Öte yandan, Cumhurbaşkanlığı Sözcüsü İbrahim Kalın’ın The New York Times’taki “Gülen verilmeli” yazısından bir gün sonra bu defa Gülen’in yazısı çıkmıştı. Gülen’e göre Türkiye’nin “giderek otoriterleşen” yöneticisi Erdoğan’ın ABD yönetimine “şantajıdır” onun sınır dışı edilmesi talebi.
Bundan da önemlisi, Gülen’in ABD yönetimine hitaben kendisinin “ılımlı” İslam temelli “Hizmet” hareketinin Batı çıkarlarına hizmet ettiğini vurgulaması.

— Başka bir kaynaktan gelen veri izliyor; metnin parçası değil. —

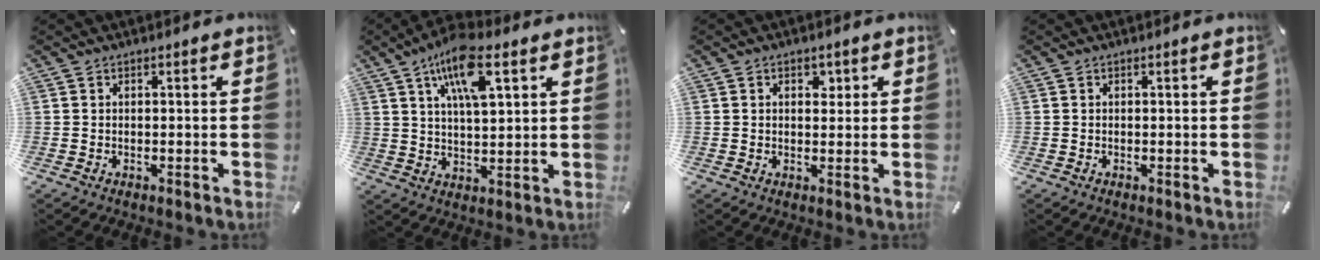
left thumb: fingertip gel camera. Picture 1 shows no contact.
{"total": 11.5, "force": [6.4, 4.4, 8.5], "torque": [-0.152, -0.010, 0.112]}
{"total": 3.0, "force": [1.2, 2.1, 1.8], "torque": [-0.009, -0.004, 0.011]}
{"total": 0.0}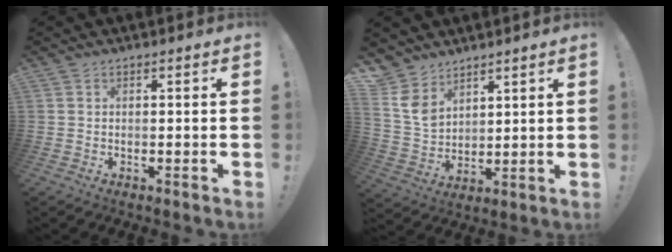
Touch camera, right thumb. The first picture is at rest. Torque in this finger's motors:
{"motor_torque": [-0.55, 0.63, -0.28, 0.45, 0.06]}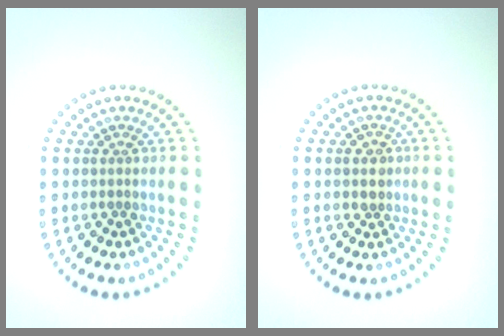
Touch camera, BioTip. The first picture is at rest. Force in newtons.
{"total": 1.6, "press": 1.5, "slide": 0.7}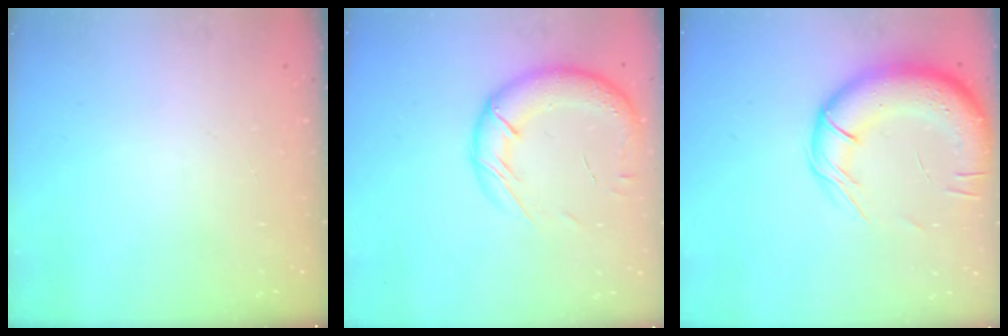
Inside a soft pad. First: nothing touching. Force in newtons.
{"total": 19.3, "press": 18.8, "slide": 4.3}
{"total": 18.1, "press": 17.7, "slide": 3.6}

Gülen’ın bu yazısı, ABD yöneticilerinin konuyu hukuki zeminde tutmak istemesine karşın tamamen siyasi zemine çekme girişimi sayılabilir.

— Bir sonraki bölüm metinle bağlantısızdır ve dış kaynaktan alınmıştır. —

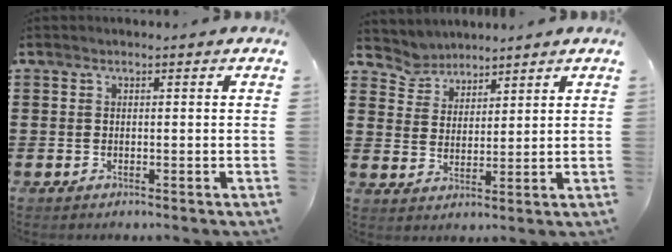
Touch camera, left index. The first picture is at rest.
{"total": 4.2, "force": [3.7, 1.7, -0.7], "torque": [-0.010, -0.012, 0.069]}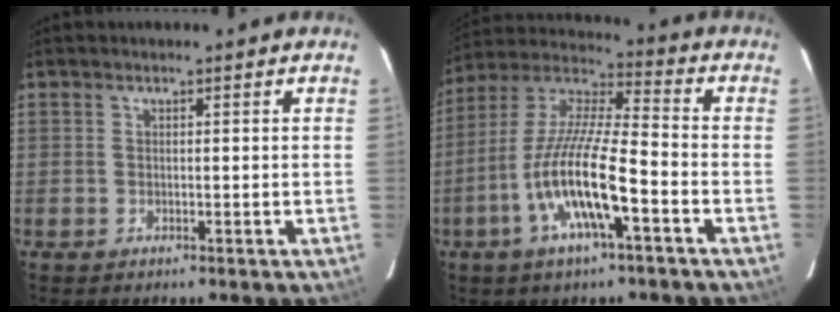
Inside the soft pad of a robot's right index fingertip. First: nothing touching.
{"total": 15.3, "force": [-6.1, 2.8, 13.7], "torque": [-0.275, -0.010, -0.123]}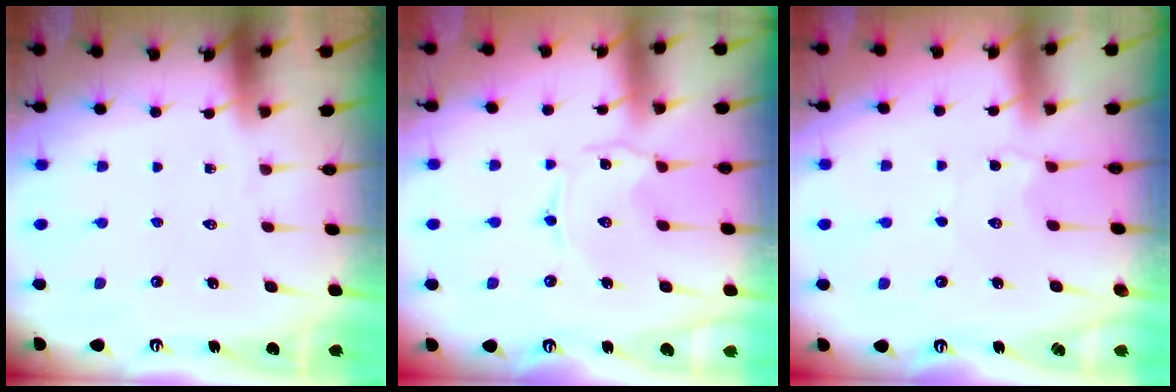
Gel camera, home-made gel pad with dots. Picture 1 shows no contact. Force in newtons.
{"total": 1.3, "press": 1.3, "slide": 0.2}
{"total": 2.1, "press": 2.1, "slide": 0.2}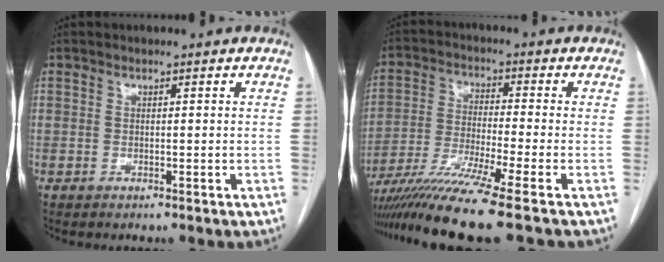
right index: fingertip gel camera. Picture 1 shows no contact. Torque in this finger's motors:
{"motor_torque": [1.54, -0.60, 0.95, 0.21]}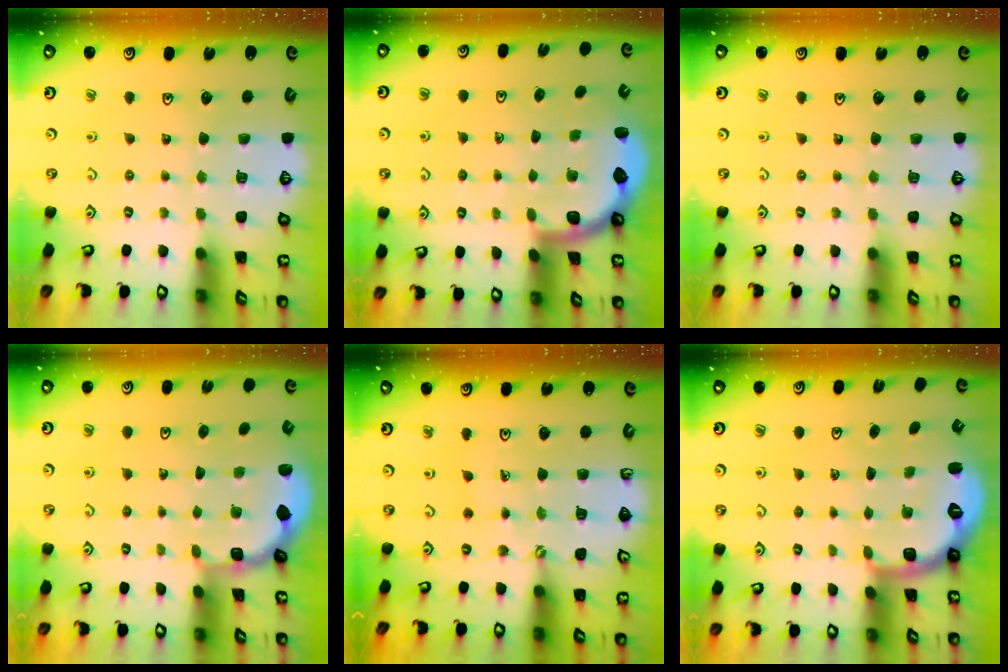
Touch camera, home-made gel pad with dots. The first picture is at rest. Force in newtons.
{"total": 1.8, "press": 1.8, "slide": 0.1}
{"total": 0.0}
{"total": 1.8, "press": 1.6, "slide": 0.7}
{"total": 2.4, "press": 2.0, "slide": 1.3}
{"total": 2.5, "press": 1.9, "slide": 1.6}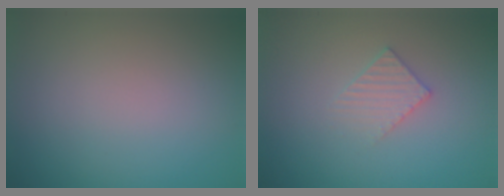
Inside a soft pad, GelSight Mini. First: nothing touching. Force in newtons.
{"total": 1.9, "press": 1.9, "slide": 0.2}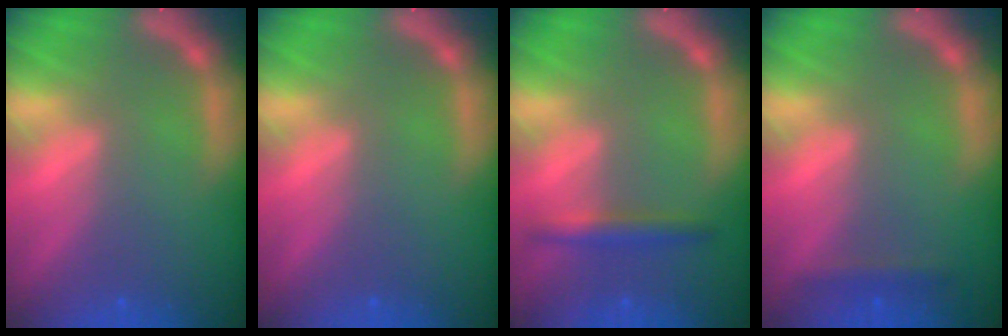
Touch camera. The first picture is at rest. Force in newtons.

Ankara’da ise dün MHP lideri Bahçeli ilk defa darbe girişimi ardında CIA parmağı olduğu “söylentilerinden” söz etti, arkasından ABD’nin çıkmasının müttefiklik ilişkilerine zarar vereceğini öne sürdü. (Yargıdan dönmeseydi MHP olağanüstü kurultayı 15 Temmuz darbe girişiminden beş gün önce 10 Temmuz’da yapılmış olacaktı; alın size bir tesadüf daha.)
CHP lideri Kemal Kılıçdaroğlu ise, darbecilerin saldırısında 47 polisin şehit edildiği özel harekât merkezinin yıkıntılarını ziyaret ederken, ABD’nin Gülen’i Türkiye’ye vermek “zorunda” olduğunu söyledi.

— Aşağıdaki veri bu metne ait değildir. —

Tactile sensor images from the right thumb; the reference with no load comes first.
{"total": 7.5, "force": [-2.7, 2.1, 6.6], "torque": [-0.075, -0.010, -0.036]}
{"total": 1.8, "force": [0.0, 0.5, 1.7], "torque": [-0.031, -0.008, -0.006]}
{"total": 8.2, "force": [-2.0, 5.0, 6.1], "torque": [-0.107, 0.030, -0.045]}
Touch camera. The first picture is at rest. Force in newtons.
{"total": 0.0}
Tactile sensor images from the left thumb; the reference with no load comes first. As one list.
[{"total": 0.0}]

Belli ki Erdoğan’ın (HDP dışındaki) parti liderleriyle 25 Temmuz’da yaptığı görüşmede sadece Anayasa değişikliği üzerinde birlikte çalışma gereği konuşulmadı, Gülen de konuşuldu.
İşte Erdoğan’ın Rusya seyahati bu ortamda ilan edildi.
İsterseniz tesadüf sayarsınız. O zaman mesela Erdoğan Rusya’dan Gülen’in Türkiye’deki bağlantılarına dair elektronik istihbarat bulgularıyla dönerse, onu da tesadüf sayabilirsiniz. Geçenlerde ABD’deki Demokrat Parti başkanı Debbie Schultz’un, istifasına yol açan elektronik posta skandalından dolayı Rus istihbaratını suçlamasını hatırlatayım size. Yani epey karışık bir istihbarat alışverişi dönüyor etrafta.
Haydi, buna da bir örnek verip bağlayalım konuyu. Dışişleri Bakanı Çavuşoğlu, Gülen okulları aracılığıyla devlet kademelerine sızılmış birkaç ülkeye daha darbe uyarısı yaptıklarını açıkladı, sadece Kırgızistan’ın ismini verdi. Kırgızistan’ın Şangay Grubunun üyesi olduğunu, bu gelişmenin Rusya’yı ilgilendirdiğini hatırlatmaya gerek yok artık.
Rusya, malum, Gülen okullarının faaliyetini yıllar önce CIA ile işbirliği yaptığı suçlamasıyla kapatmıştı.
Artık bu kadarına da tesadüftür demezsiniz her halde.